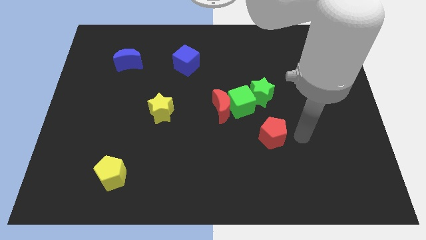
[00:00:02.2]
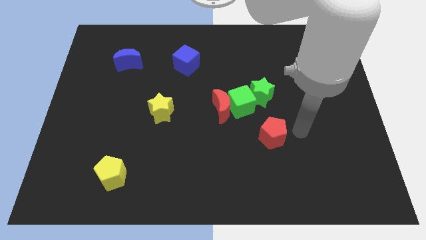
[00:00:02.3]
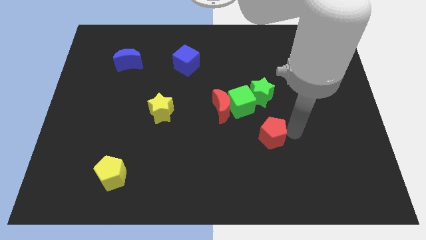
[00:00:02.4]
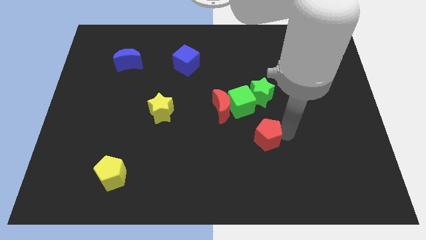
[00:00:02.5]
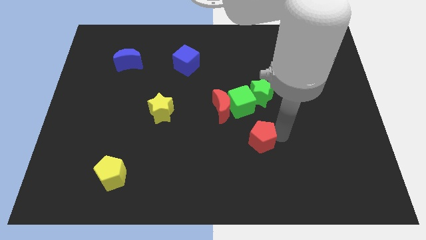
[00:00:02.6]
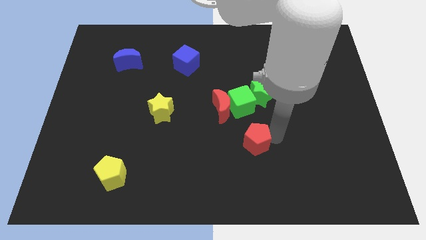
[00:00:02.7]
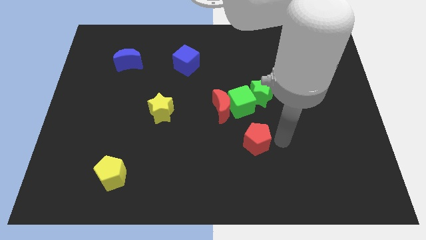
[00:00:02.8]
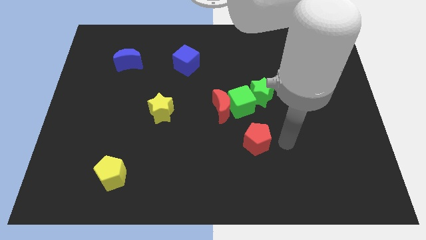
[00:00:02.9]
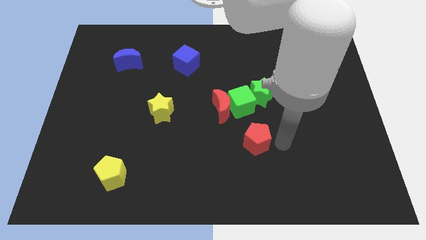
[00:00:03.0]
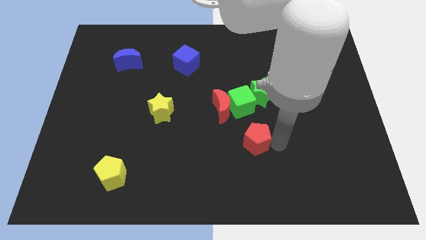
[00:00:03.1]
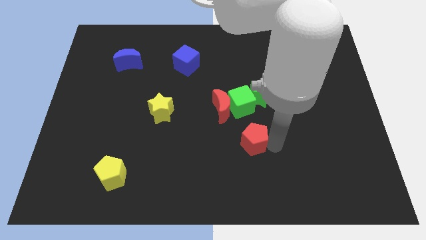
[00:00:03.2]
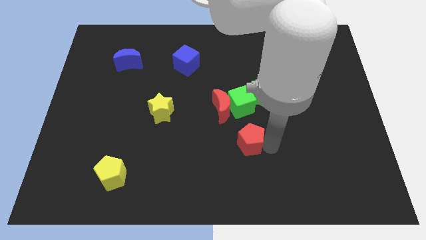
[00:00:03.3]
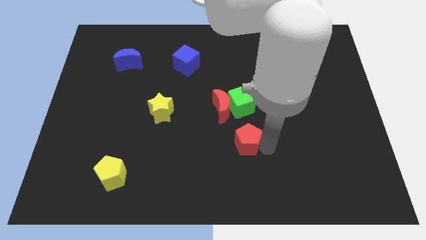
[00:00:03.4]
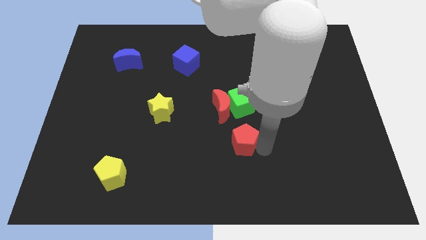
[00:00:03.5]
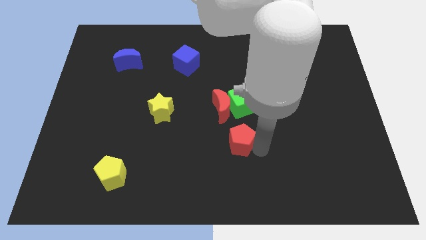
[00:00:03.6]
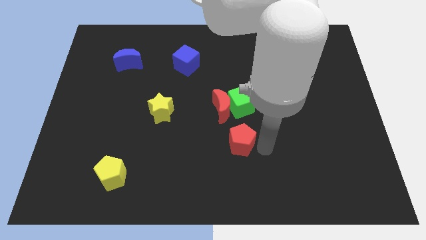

How to complete this task —
Find the line that contains "[00:00:02.8]". Reproduce it and every later line of the records exactly, minus the pictures.

Reply to the exercise —
[00:00:02.8]
[00:00:02.9]
[00:00:03.0]
[00:00:03.1]
[00:00:03.2]
[00:00:03.3]
[00:00:03.4]
[00:00:03.5]
[00:00:03.6]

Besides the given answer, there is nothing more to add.